En guise de conclusion, voilà le chemin le plus court, généalogiquement parlant, reliant les BETEMPS et les DANTAL :

(1) Olivier Gonet – cf source dans « pour en savoir plus… »
(2) pour autant, il n’était ni le premier, ni le dernier
!

Pour en savoir plus sur les pirates du Léman :

Ce thème a aussi inspiré quelques fictions, dont :

  • May, O. (2023). Les Pirates du Léman : La prisonnière de Chillon. Flammarion jeunesse.
  • Vellas, C. (2016). Légendes et histoires du Léman
  • Knobil, B. (2016). Petchi et les pirates du Léman



Palsembleu ne saurait mentir ! (Partie I)

(Sang bleu signifie noble. Cette locution désigne quelqu’un appartenant à la noblesse ou à l’aristocratie par sa filiation)

Introduction

En des temps anciens et résolument moyenâgeux se tramaient sur notre beau Léman (1) des scènes qu’on ne sauraient imaginer, bien éloignées en tout cas de celles en usage de nos jours, essentiellement dédiées à la trempette, bronzette ou guinguette. Il faut savoir qu’à cette époque, les chemins étaient de piètres sentiers, très mal entretenus et peu praticables, si bien qu’on leur préférait la voie du lac, plus directe. Les principaux transports s’effectuaient donc sur les eaux du Léman qui étaient la seule vraie grande route commerciale. Ainsi, des barques partaient du pays de Vaud pour acheminer vers Genève du vin et des farines d’Allemagne, des fromages et des viandes de Fribourg, ou en sens inverse des draps, des velours et des toiles en provenance des très réputées foires de Genève. Autant dire qu’il y avait beaucoup de monde et de trafics sur le lac, sans compter les combats maritimes acharnés qui pouvaient intervenir à tout moment entre princes, seigneurs et califes à la place du calife de tous bords (du lac)… Tout cela créait une effervescence bien industrieuse autour de cette gouille de quelque 580 km2 et ne manquait pas d’attirer aussi la convoitise de brigands, malfrats et coquins en tout genre…

Dans ce contexte et dans le cadre très précis de ma recherche des ancêtres savoyards, une famille de la branche GREFFIER/BETEMPS (en l’occurrence plus BETEMPS que GREFFIER) retient plus particulièrement mon attention.

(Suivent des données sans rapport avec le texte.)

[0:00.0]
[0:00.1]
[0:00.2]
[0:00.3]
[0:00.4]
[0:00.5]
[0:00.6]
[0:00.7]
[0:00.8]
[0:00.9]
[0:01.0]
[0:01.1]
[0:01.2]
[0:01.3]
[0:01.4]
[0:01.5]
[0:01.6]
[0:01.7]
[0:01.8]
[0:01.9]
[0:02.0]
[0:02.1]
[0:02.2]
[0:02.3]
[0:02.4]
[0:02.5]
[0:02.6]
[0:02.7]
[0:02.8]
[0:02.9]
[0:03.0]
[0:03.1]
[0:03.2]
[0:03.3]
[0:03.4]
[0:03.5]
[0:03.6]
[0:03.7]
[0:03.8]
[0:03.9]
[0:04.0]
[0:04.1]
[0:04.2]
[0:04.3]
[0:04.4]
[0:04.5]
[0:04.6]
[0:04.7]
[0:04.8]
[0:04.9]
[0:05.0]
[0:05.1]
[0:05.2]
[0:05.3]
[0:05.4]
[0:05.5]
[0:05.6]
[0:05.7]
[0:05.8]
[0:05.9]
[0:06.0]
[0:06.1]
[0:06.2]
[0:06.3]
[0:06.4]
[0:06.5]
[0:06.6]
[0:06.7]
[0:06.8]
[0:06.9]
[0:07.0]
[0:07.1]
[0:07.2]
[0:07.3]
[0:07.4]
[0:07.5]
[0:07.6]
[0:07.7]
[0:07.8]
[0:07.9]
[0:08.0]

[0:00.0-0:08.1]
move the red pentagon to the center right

Il s’agit des DENTAL (ou DANTAL) dont plusieurs membres, intimement liés à l’activité du lac, ont fait parler d’eux, en (très) bien comme en (très) mal…

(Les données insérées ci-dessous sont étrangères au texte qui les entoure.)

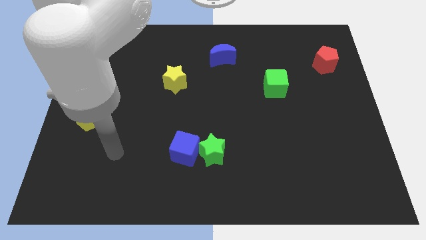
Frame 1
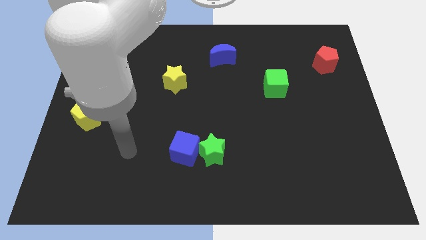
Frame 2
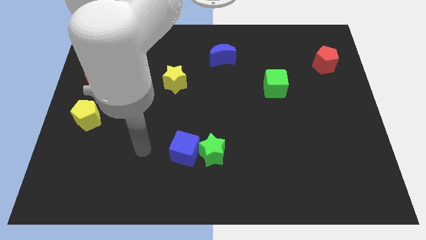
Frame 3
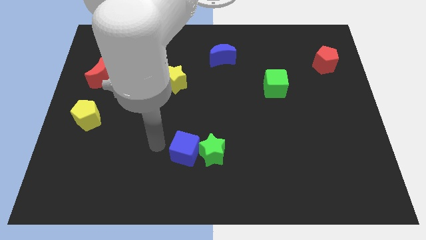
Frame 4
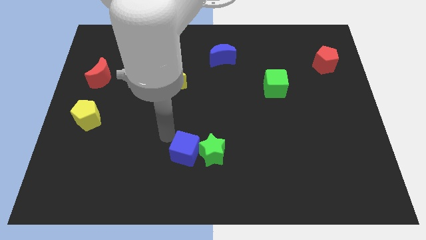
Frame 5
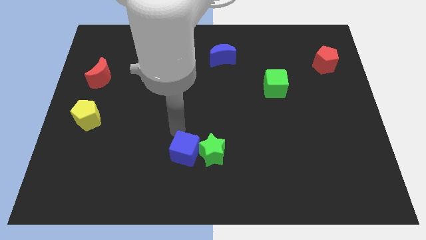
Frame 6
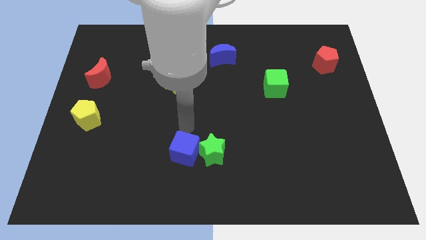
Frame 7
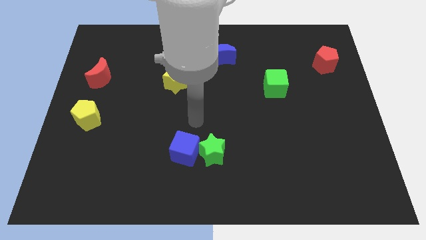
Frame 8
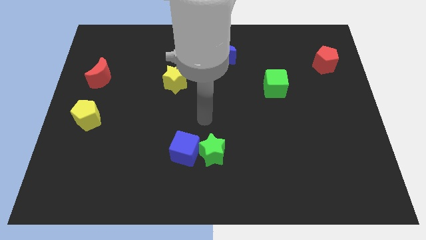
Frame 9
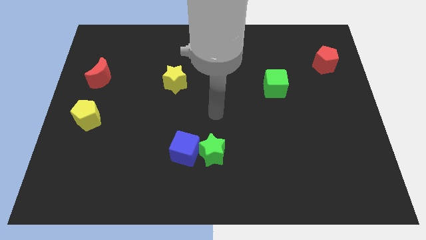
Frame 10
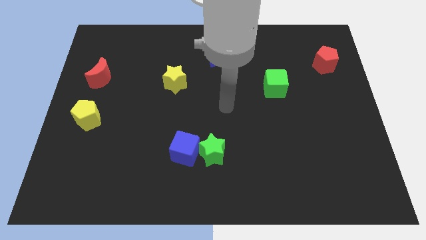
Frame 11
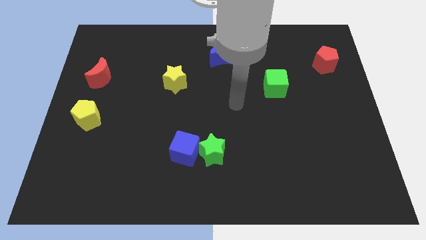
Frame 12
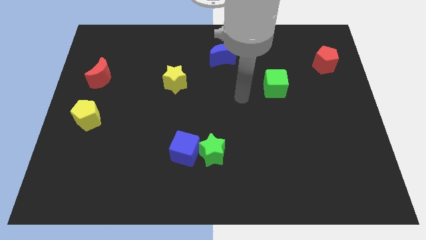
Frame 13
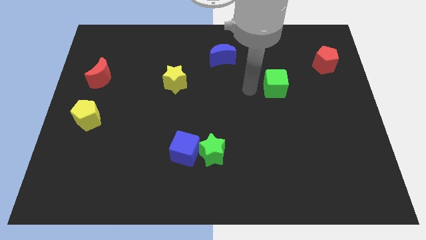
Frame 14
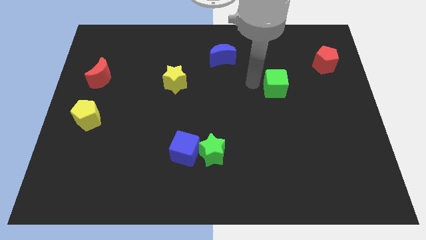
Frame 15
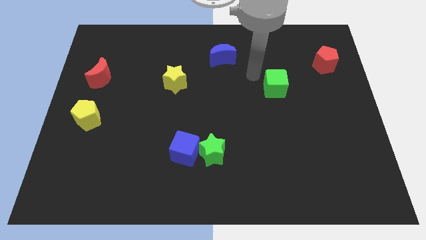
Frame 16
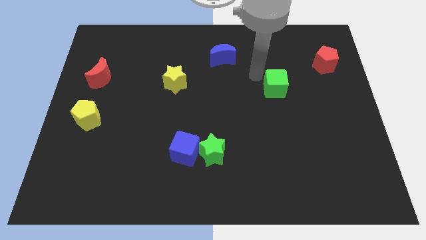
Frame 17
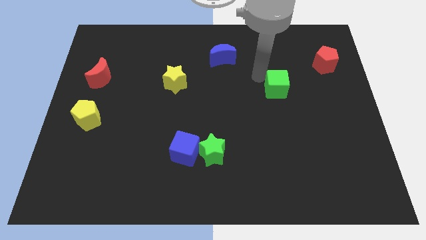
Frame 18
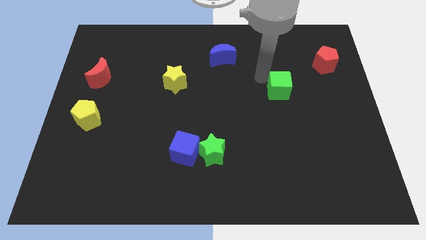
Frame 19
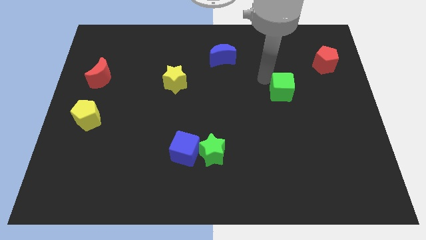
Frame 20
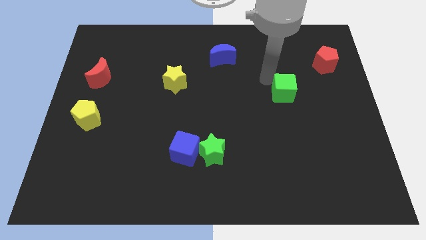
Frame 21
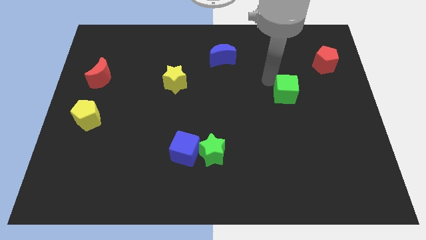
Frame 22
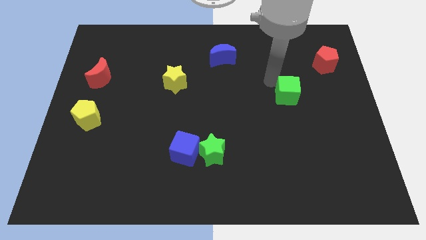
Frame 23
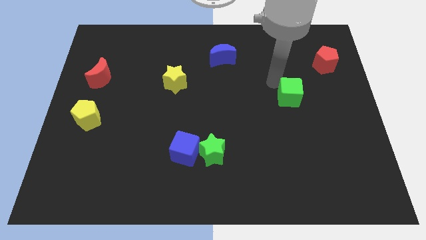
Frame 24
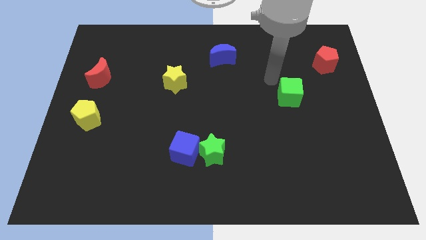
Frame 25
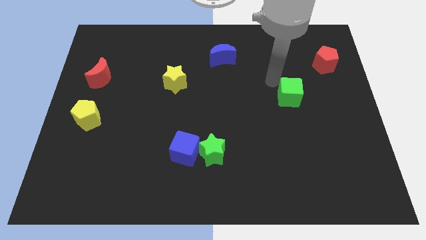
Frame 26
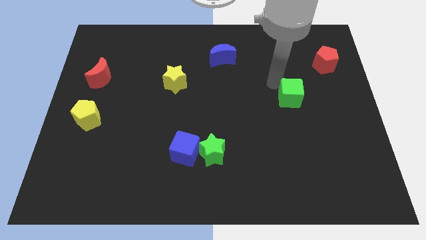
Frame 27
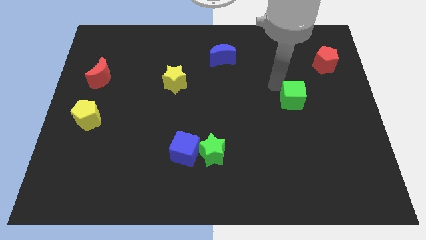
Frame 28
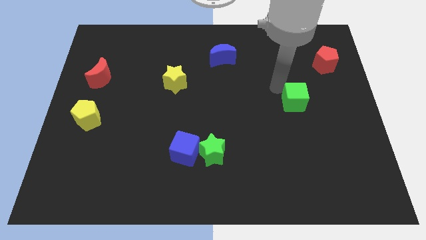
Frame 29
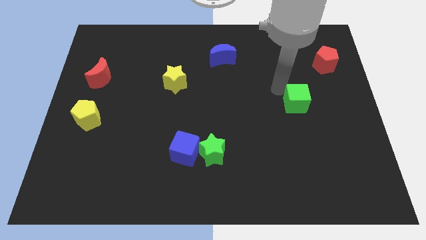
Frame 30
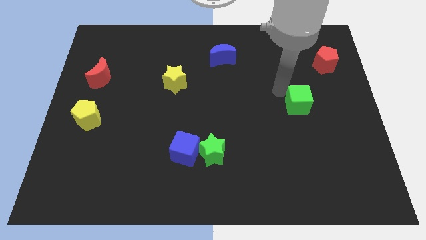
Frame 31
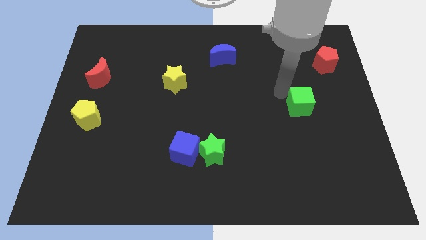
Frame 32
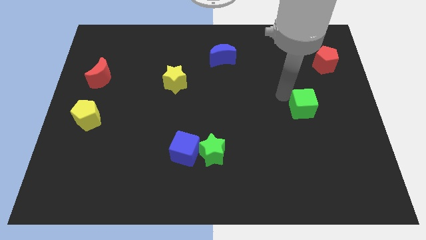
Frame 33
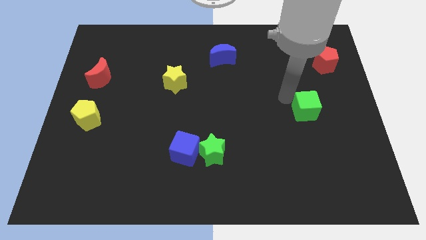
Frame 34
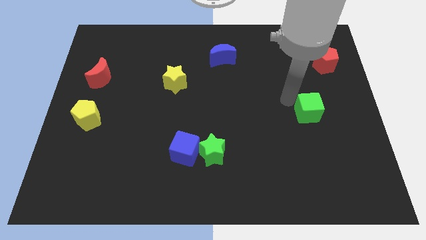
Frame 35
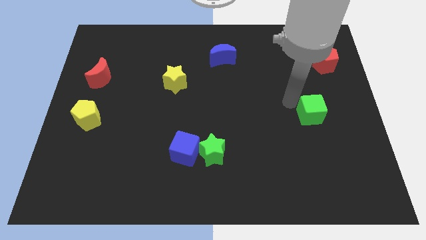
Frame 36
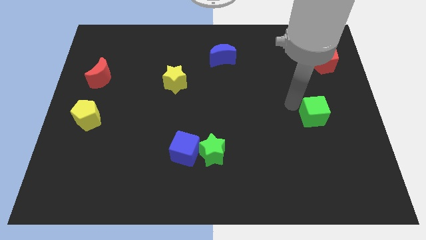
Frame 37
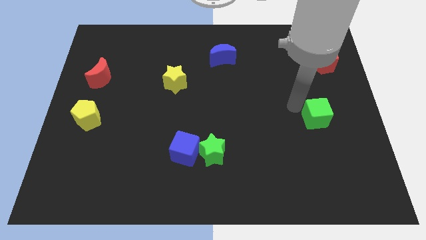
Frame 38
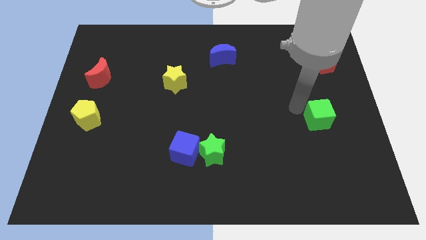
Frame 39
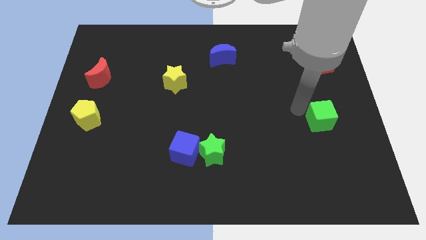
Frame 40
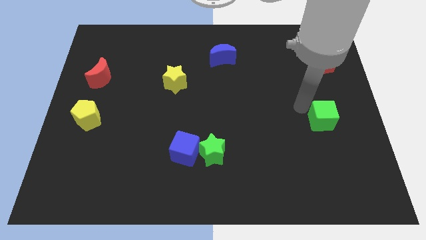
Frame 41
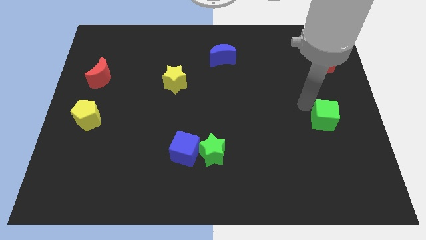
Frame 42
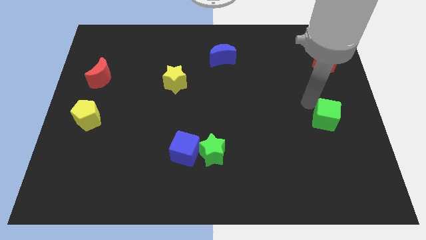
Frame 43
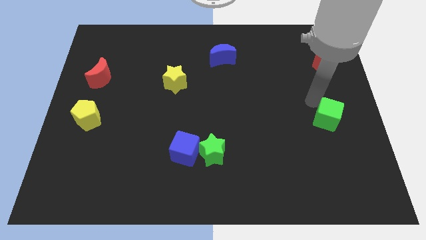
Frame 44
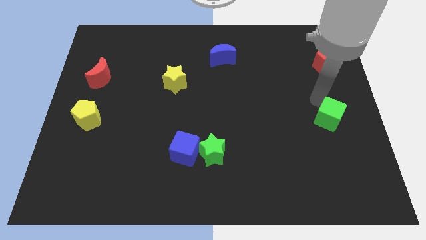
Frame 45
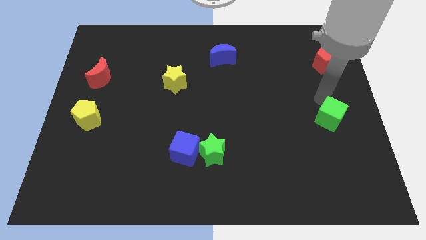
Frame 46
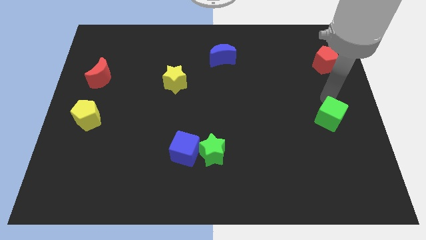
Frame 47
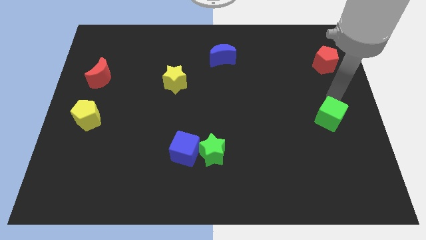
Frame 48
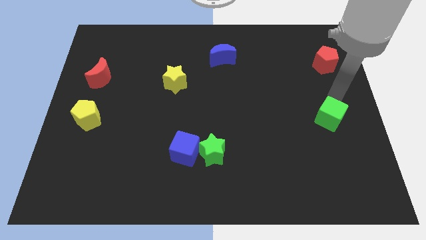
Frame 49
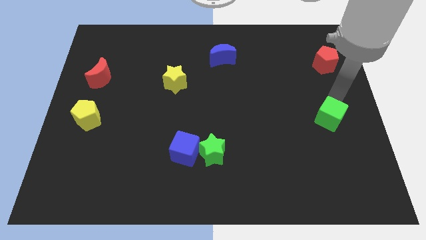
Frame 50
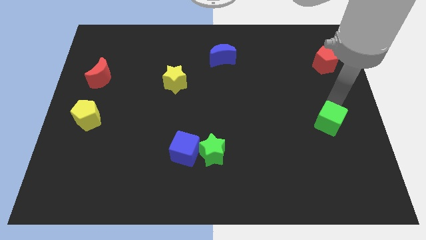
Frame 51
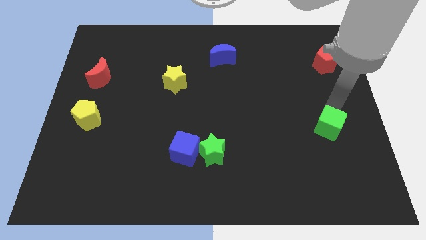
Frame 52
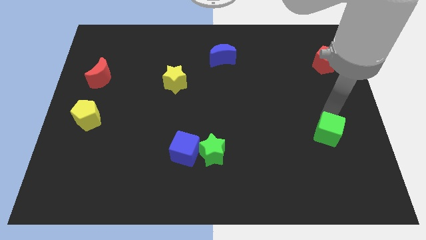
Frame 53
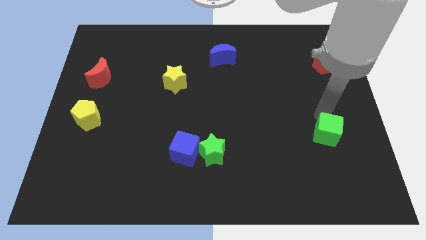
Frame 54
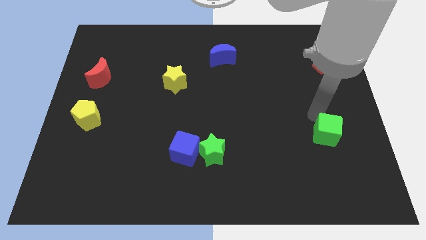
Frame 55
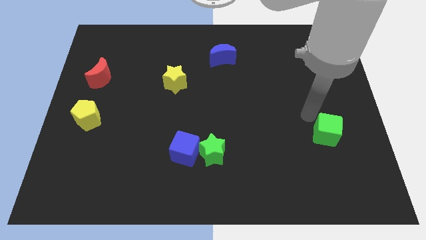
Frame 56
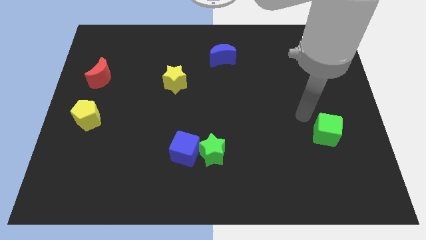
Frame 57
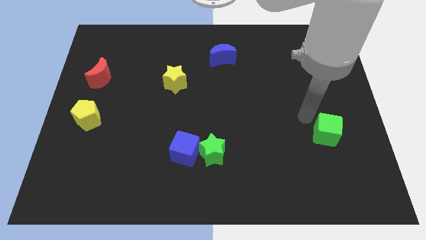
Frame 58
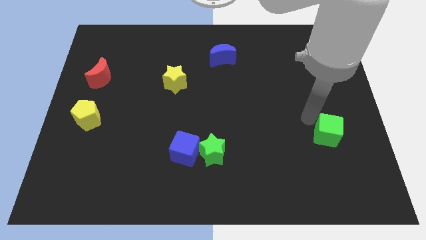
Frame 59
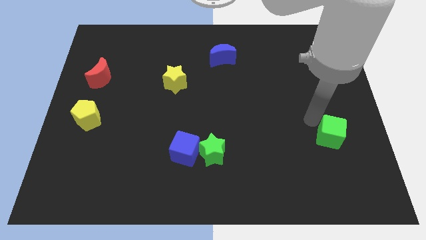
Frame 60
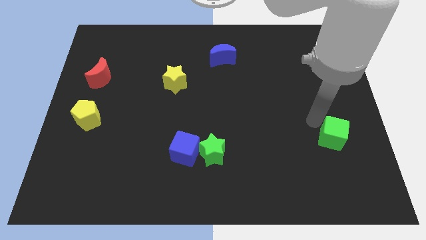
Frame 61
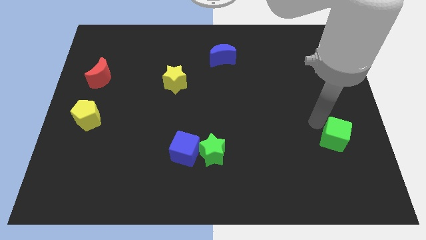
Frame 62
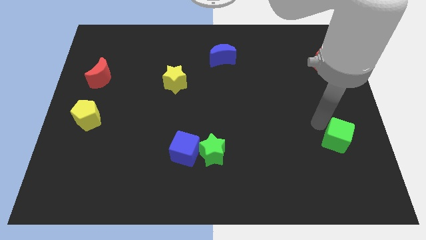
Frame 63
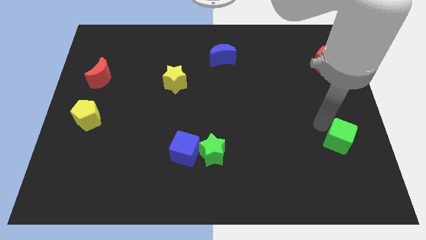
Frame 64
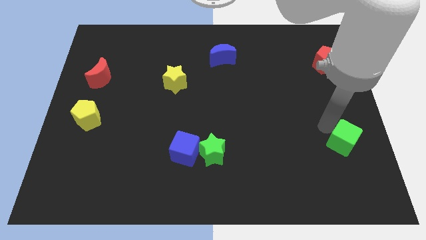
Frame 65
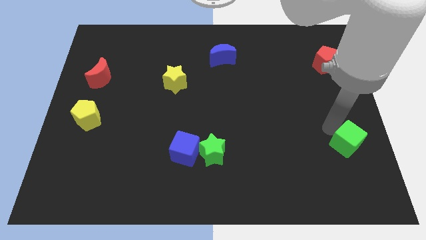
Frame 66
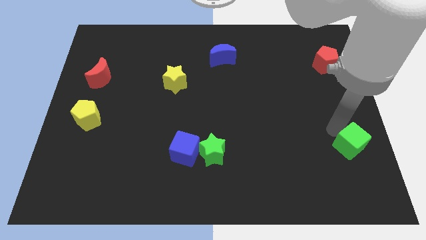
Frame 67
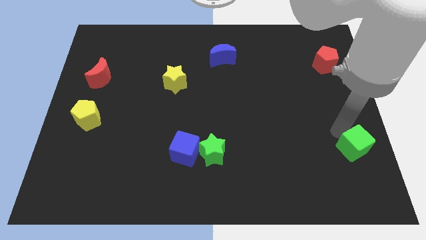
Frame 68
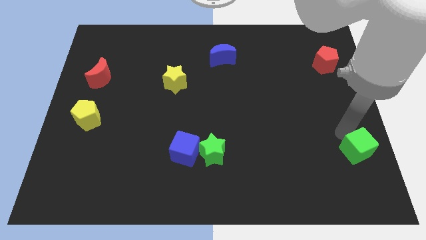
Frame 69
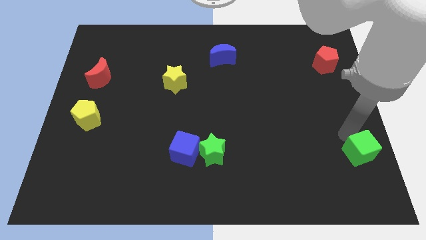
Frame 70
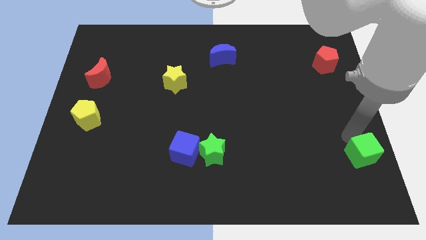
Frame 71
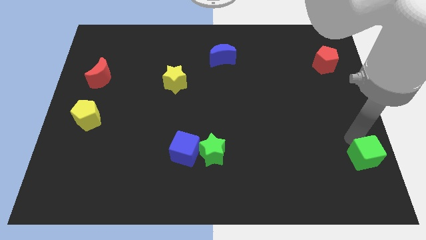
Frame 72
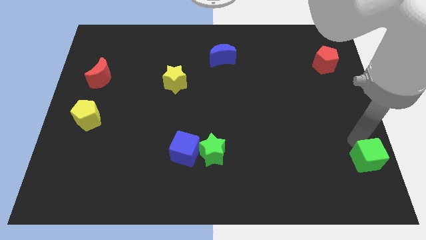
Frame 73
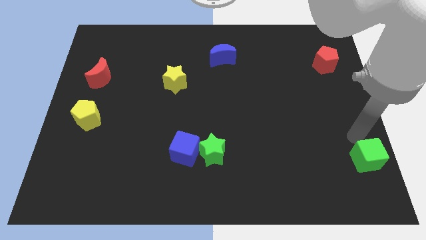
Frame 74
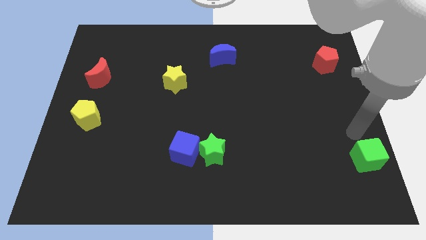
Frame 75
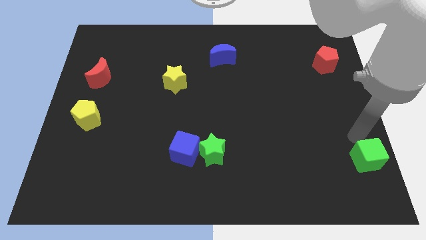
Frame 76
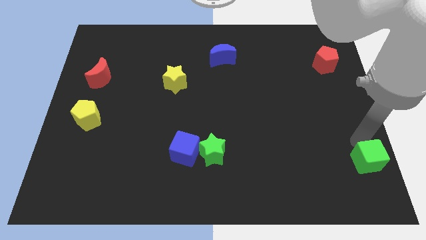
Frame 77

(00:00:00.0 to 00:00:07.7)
move the green cube to the lower right corner

L’histoire -du moins celle du Chablais- commence avec Lorenzo DENTALE, un charpentier naval niçois (savoyard à l’époque!) appelé en 1671 par le Duc de Savoie, Charles-Emmanuel II, pour construire à Thonon-les-Bains un tout nouveau modèle de barque marchande, potentiellement affrétable pour la guerre. En effet, le Duc dont le royaume s’étend jusqu’à la côte méditerranéenne (cf carte ci-dessous) vient de lancer un projet d’envergure : attirer sur le territoire savoyard tout le commerce entre le midi de la France et l’Allemagne, qui, jusqu’alors, passait par la ville de Genève.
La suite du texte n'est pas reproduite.